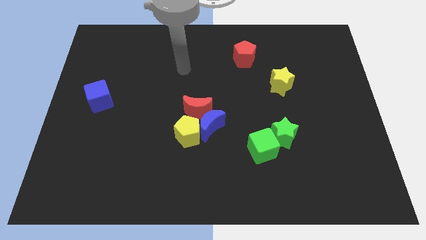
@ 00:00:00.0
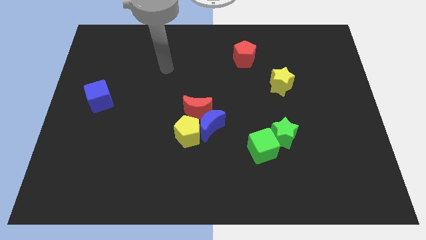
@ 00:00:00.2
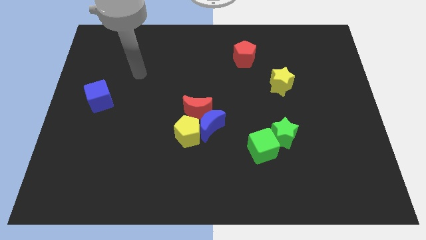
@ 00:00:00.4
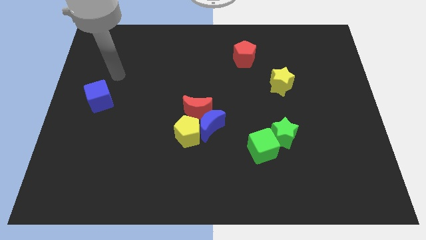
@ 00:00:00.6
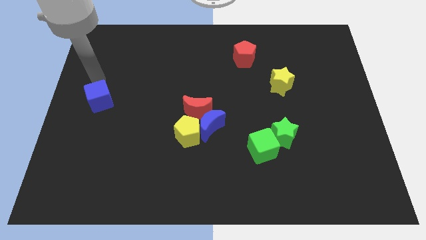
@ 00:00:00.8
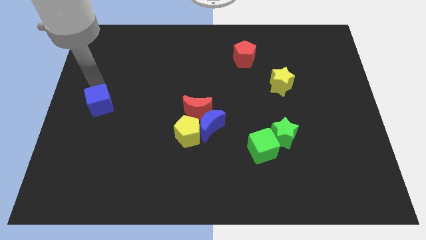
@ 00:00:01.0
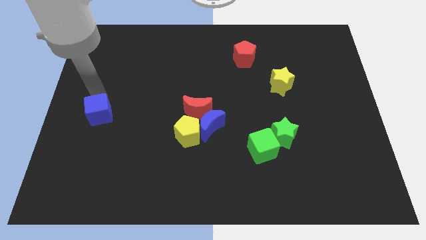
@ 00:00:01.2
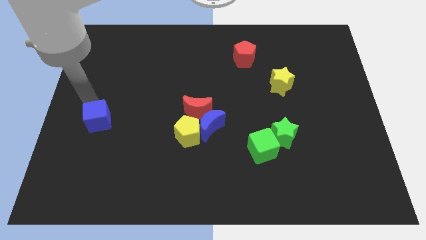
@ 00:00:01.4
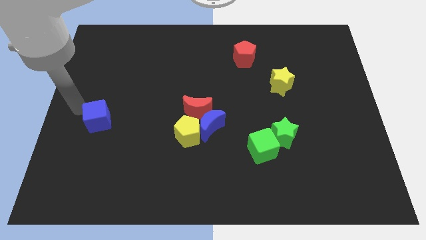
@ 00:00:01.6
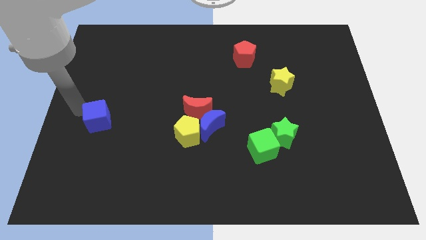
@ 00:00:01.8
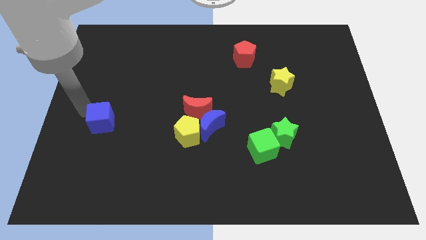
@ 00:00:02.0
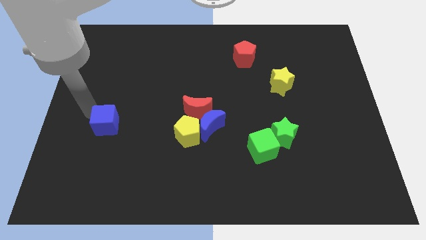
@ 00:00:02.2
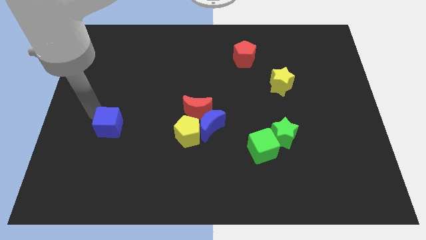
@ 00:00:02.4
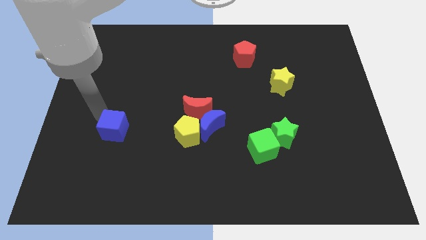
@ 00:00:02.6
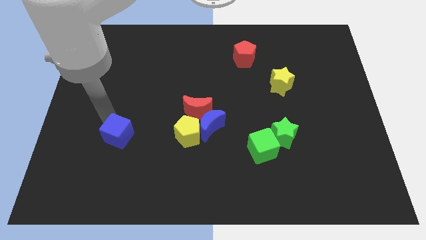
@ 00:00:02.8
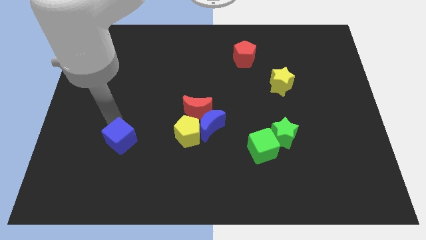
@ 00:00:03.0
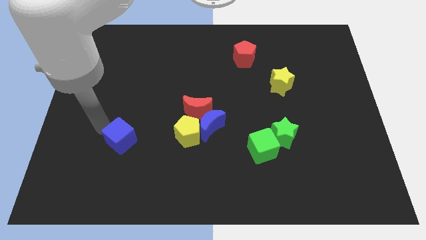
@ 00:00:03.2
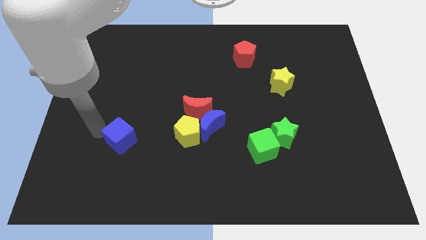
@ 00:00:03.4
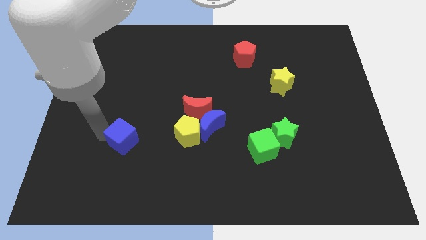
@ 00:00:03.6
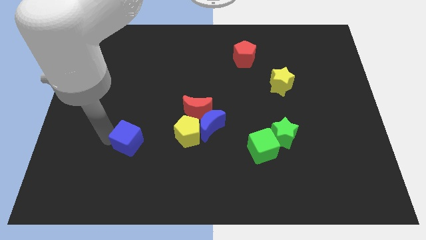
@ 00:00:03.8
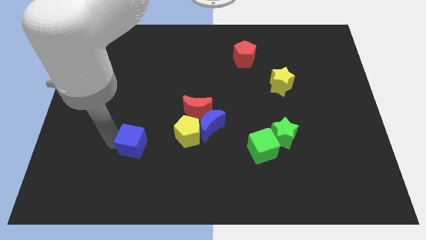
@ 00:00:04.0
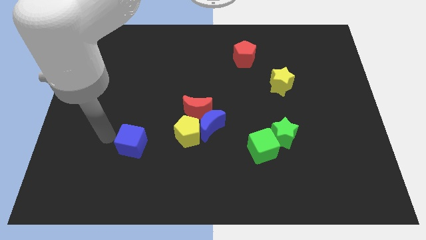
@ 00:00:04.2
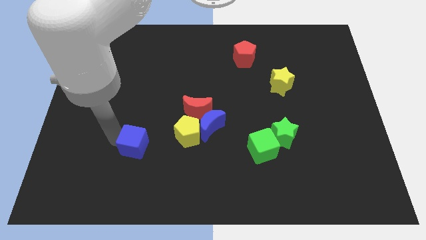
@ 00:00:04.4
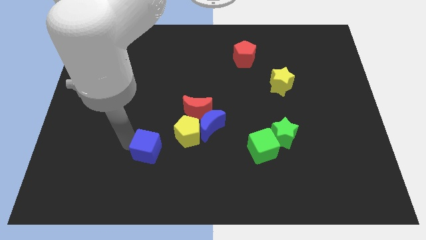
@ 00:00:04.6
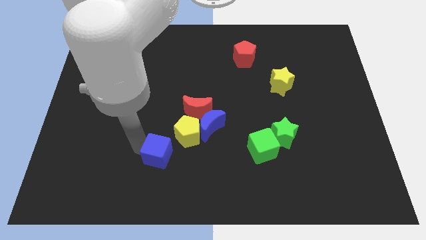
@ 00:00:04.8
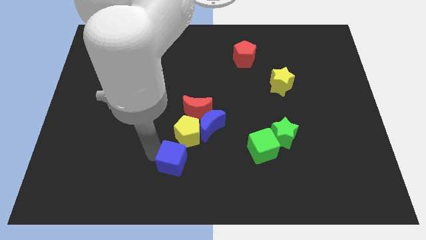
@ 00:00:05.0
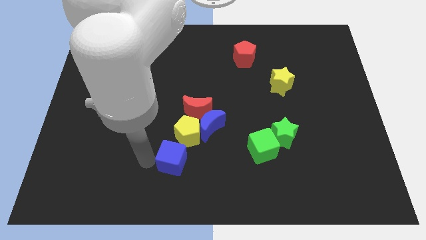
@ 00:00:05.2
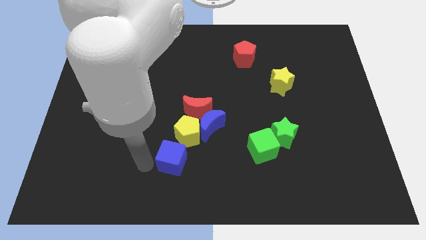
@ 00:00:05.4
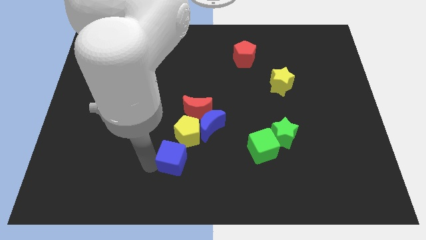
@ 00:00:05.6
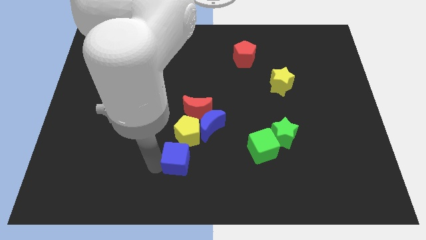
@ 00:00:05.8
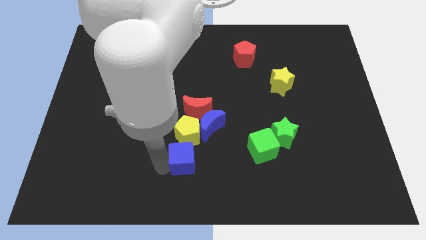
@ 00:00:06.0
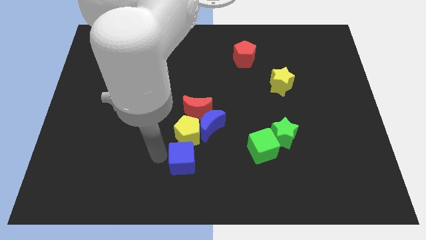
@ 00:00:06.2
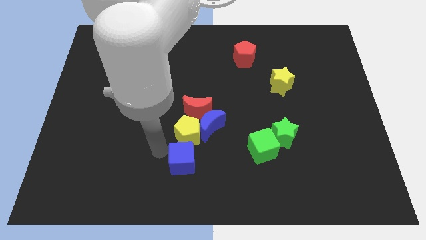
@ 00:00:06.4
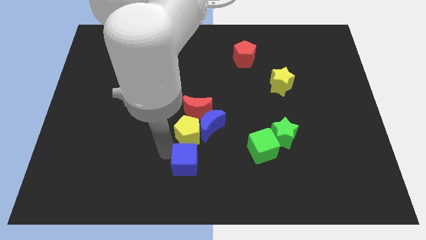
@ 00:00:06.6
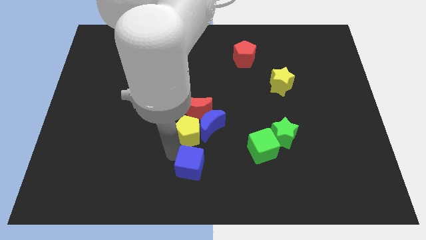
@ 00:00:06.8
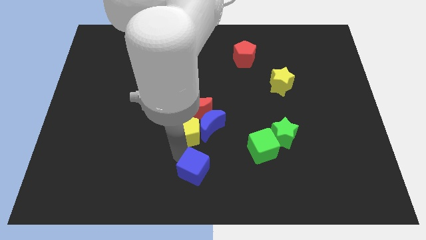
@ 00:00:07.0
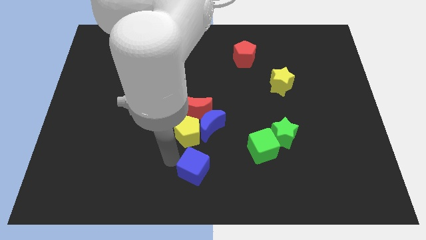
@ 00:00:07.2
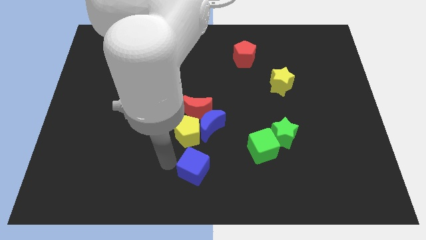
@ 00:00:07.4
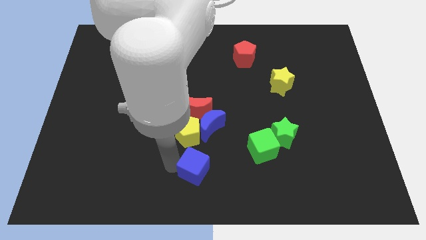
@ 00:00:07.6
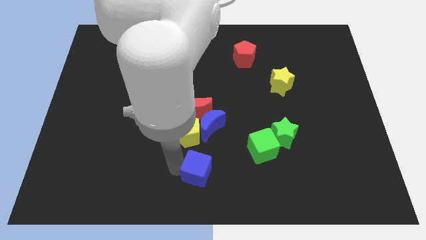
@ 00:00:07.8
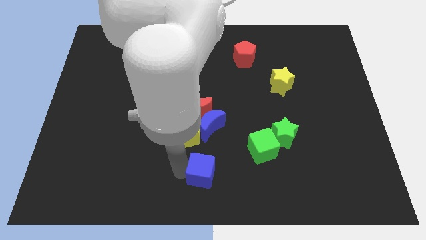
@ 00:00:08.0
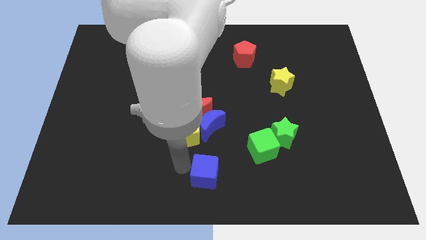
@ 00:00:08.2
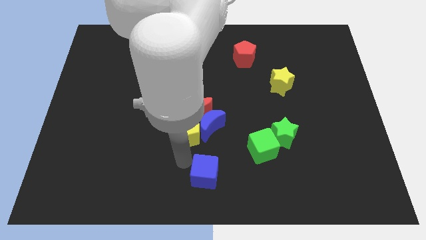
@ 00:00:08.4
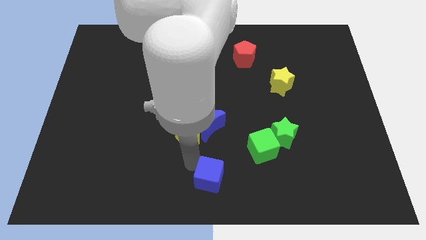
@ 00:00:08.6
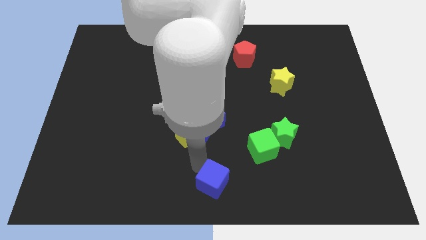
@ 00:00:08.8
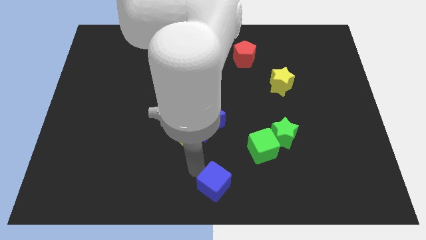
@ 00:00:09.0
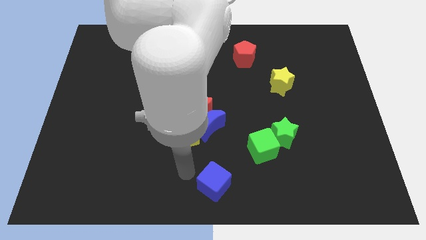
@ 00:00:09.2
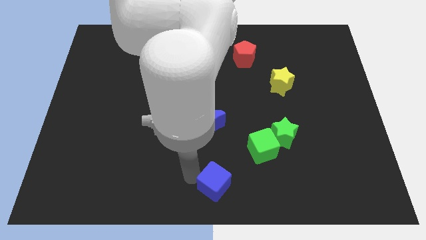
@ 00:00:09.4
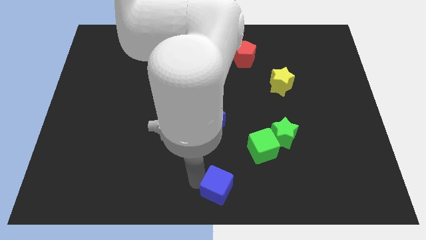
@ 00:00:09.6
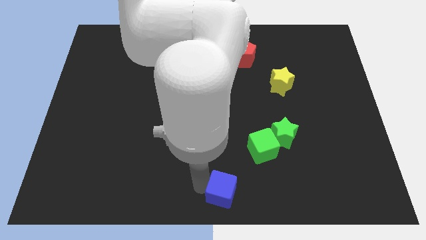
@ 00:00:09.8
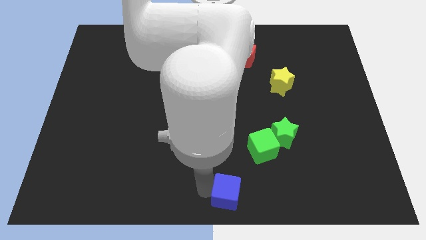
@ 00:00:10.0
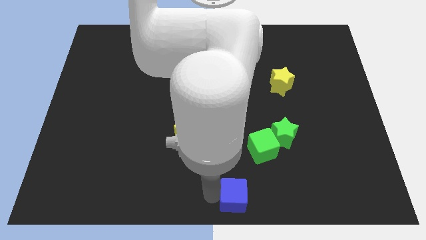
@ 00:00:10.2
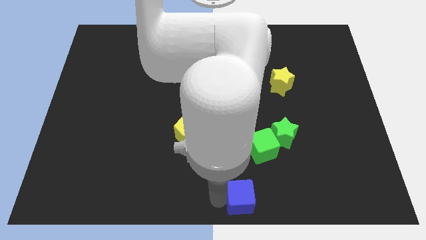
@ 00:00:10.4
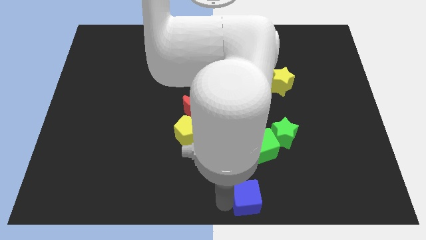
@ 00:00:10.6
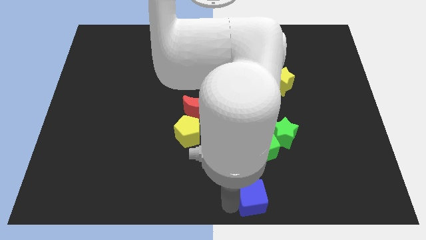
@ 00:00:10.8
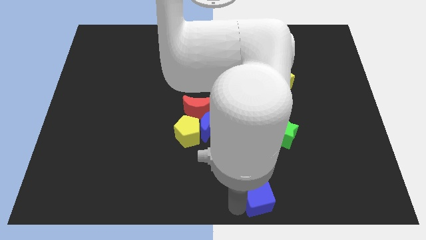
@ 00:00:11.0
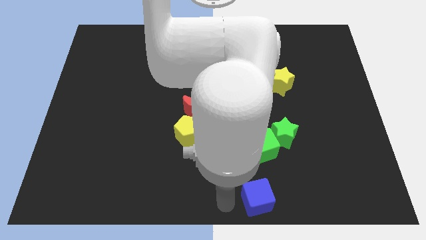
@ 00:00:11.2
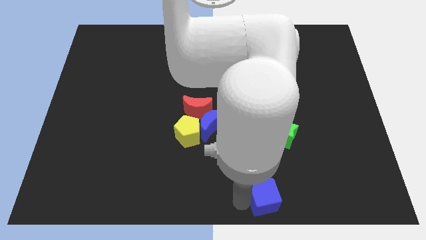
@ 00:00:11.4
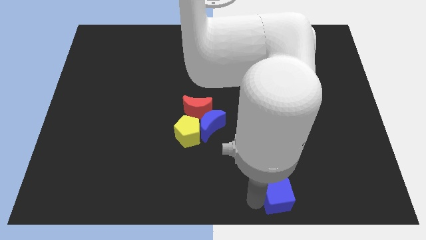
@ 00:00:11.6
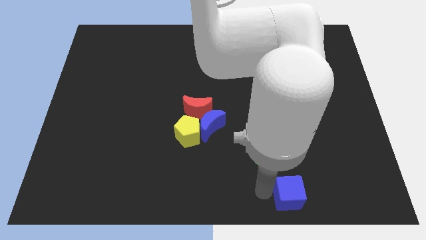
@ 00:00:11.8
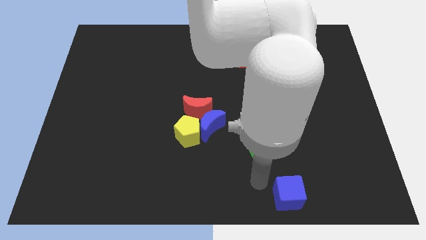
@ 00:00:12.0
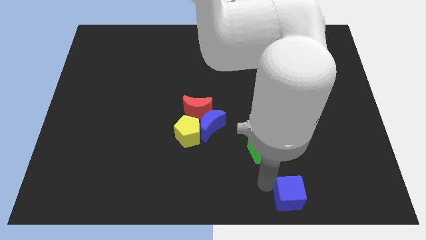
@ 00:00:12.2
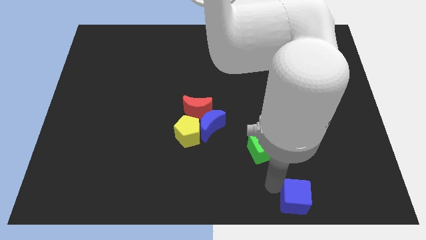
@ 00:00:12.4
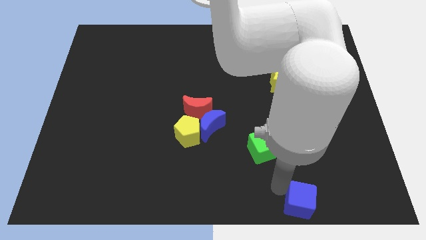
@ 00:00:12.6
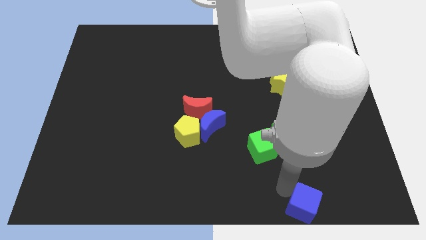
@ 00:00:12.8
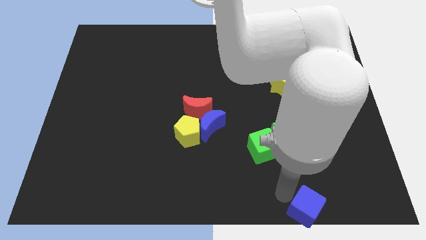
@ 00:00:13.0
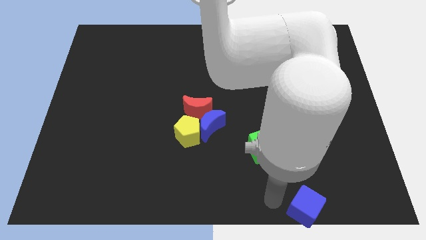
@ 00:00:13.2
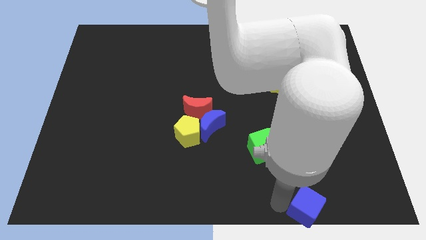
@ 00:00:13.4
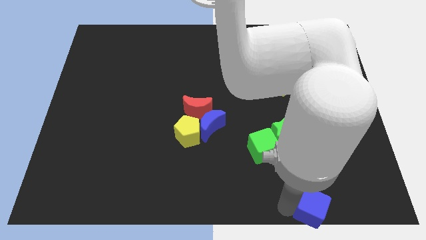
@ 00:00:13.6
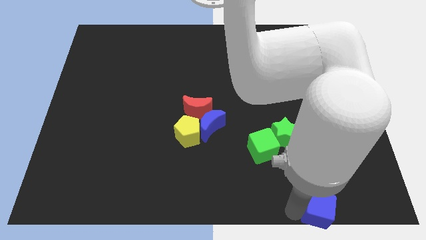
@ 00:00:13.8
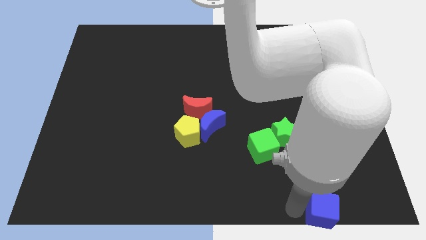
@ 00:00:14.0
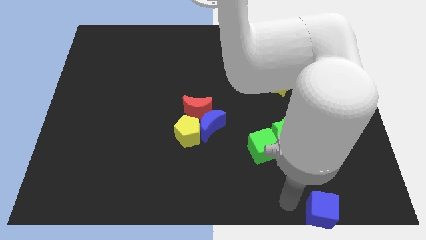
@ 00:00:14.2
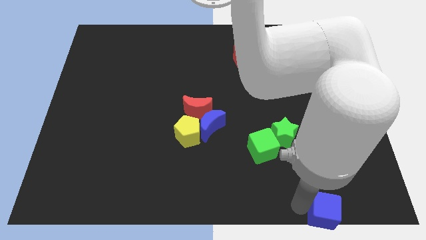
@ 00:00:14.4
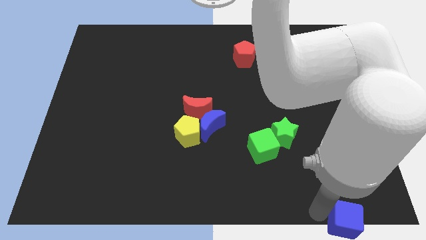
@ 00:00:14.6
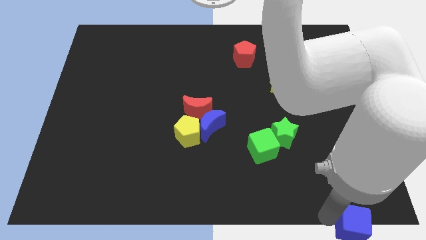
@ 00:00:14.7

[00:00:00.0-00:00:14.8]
move the blue cube to the bottom right corner
= = =
## AIM OF THE EXERCISE
Each line of the listing is to be retyped exactly, and its pictures are to be dropped.

## WRITTEN ANSWER
@ 00:00:00.0
@ 00:00:00.2
@ 00:00:00.4
@ 00:00:00.6
@ 00:00:00.8
@ 00:00:01.0
@ 00:00:01.2
@ 00:00:01.4
@ 00:00:01.6
@ 00:00:01.8
@ 00:00:02.0
@ 00:00:02.2
@ 00:00:02.4
@ 00:00:02.6
@ 00:00:02.8
@ 00:00:03.0
@ 00:00:03.2
@ 00:00:03.4
@ 00:00:03.6
@ 00:00:03.8
@ 00:00:04.0
@ 00:00:04.2
@ 00:00:04.4
@ 00:00:04.6
@ 00:00:04.8
@ 00:00:05.0
@ 00:00:05.2
@ 00:00:05.4
@ 00:00:05.6
@ 00:00:05.8
@ 00:00:06.0
@ 00:00:06.2
@ 00:00:06.4
@ 00:00:06.6
@ 00:00:06.8
@ 00:00:07.0
@ 00:00:07.2
@ 00:00:07.4
@ 00:00:07.6
@ 00:00:07.8
@ 00:00:08.0
@ 00:00:08.2
@ 00:00:08.4
@ 00:00:08.6
@ 00:00:08.8
@ 00:00:09.0
@ 00:00:09.2
@ 00:00:09.4
@ 00:00:09.6
@ 00:00:09.8
@ 00:00:10.0
@ 00:00:10.2
@ 00:00:10.4
@ 00:00:10.6
@ 00:00:10.8
@ 00:00:11.0
@ 00:00:11.2
@ 00:00:11.4
@ 00:00:11.6
@ 00:00:11.8
@ 00:00:12.0
@ 00:00:12.2
@ 00:00:12.4
@ 00:00:12.6
@ 00:00:12.8
@ 00:00:13.0
@ 00:00:13.2
@ 00:00:13.4
@ 00:00:13.6
@ 00:00:13.8
@ 00:00:14.0
@ 00:00:14.2
@ 00:00:14.4
@ 00:00:14.6
@ 00:00:14.7

[00:00:00.0-00:00:14.8]
move the blue cube to the bottom right corner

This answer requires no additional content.